Pompeo si vergognò a mostrare al padre ciò che aveva comperato, ma l'anziano genitore, uomo temprato, mostrò di gradire l'offerta.
"Piuttosto che niente",
pensò tra sé il ragazzo. Guardò con affetto il padre mentre mangiava quelle misere cose, e si sentì in colpa di non poter provvedere meglio.
"Eh, sì, povero Pompeo, nel secolo scorso se magnava mejo"
"Mejo de così ghe vol poco, papà.
"Co ghe gera i dogi no ne mancava mai niente, fio mio... altro che sardele."
"Magari se trovasse sardele" pensò il ragazzo.
Ai suoi tempi, a Venezia, la fame era molto più rara. Non che tutti fossero ricchi come certi mercanti patrizi, che potevano riempire un mastello da bagno con le loro monete d'oro e d'argento ma, certamente, lo stomaco lo si poteva riempire in maniera onorevole e lo facevano quasi tutti.
Tutti partecipavano, anche, alle molte feste che avvenivano alla celebrazione di ogni "santo", ed i santi erano circa trecento ogni anno.

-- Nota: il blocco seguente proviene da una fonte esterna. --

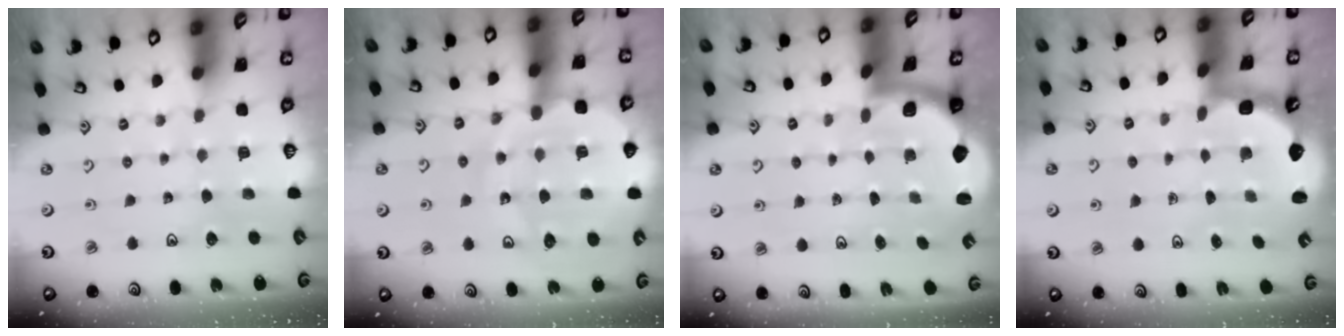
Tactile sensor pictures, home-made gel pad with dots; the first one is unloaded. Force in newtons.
{"total": 16.4, "press": 16.1, "slide": 3.3}
{"total": 2.1, "press": 2.0, "slide": 0.5}
{"total": 2.5, "press": 2.1, "slide": 1.3}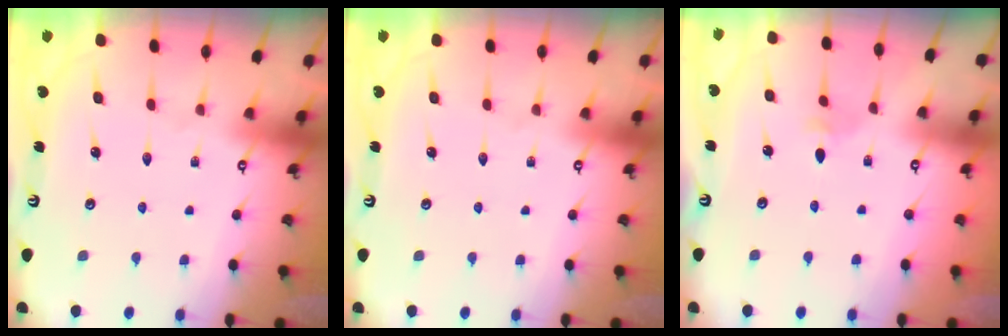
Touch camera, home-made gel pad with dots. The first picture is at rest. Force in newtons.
{"total": 0.0}
{"total": 2.3, "press": 2.2, "slide": 0.8}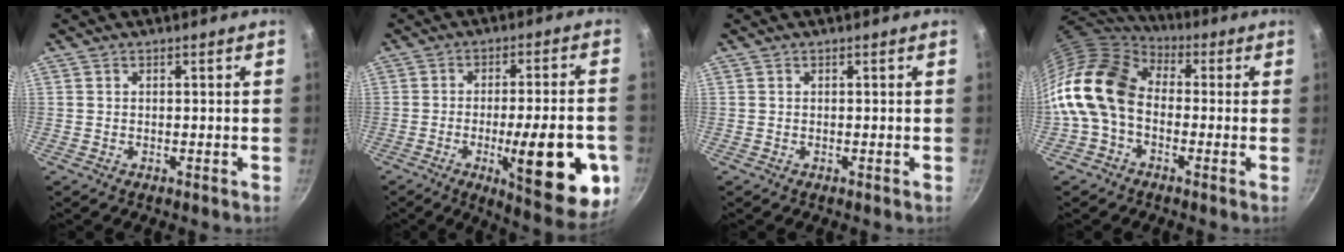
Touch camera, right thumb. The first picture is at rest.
{"total": 19.3, "force": [-5.8, 5.2, 17.7], "torque": [-0.214, 0.011, -0.075]}
{"total": 0.0}
{"total": 16.9, "force": [-1.1, 12.0, 11.9], "torque": [-0.219, 0.035, -0.040]}

I teatri erano sempre pieni e non solo di nobili, ma anche di popolani, di arsenalotti, di gondolieri.
Il celebre commediografo Carlo Goldoni infatti, aveva iniziato a rappresentare anche il popolo, sulle scene, non solo re e regine come si usava prima: quando sul palcoscenico appariva un attore vestito da gondoliere, ad esempio, si sentiva arrivare, dall'alto della platea, il fischio intenso e lo schiamazzo inarrestabile dei rematori, felici di essere elevati a tale rango.
Forse era proprio per quella smania di vivere senza responsabilità, ma di vivere al massimo, come se ci si trovasse già in una specie di paradiso, che i francesi prima e gli austriaci poi, avevano potuto invadere la città senza trovarsi di fronte un popolo risoluto e deciso a resistere, come era stato per più di mille anni.
Pompeo mise in bocca una castagna secca.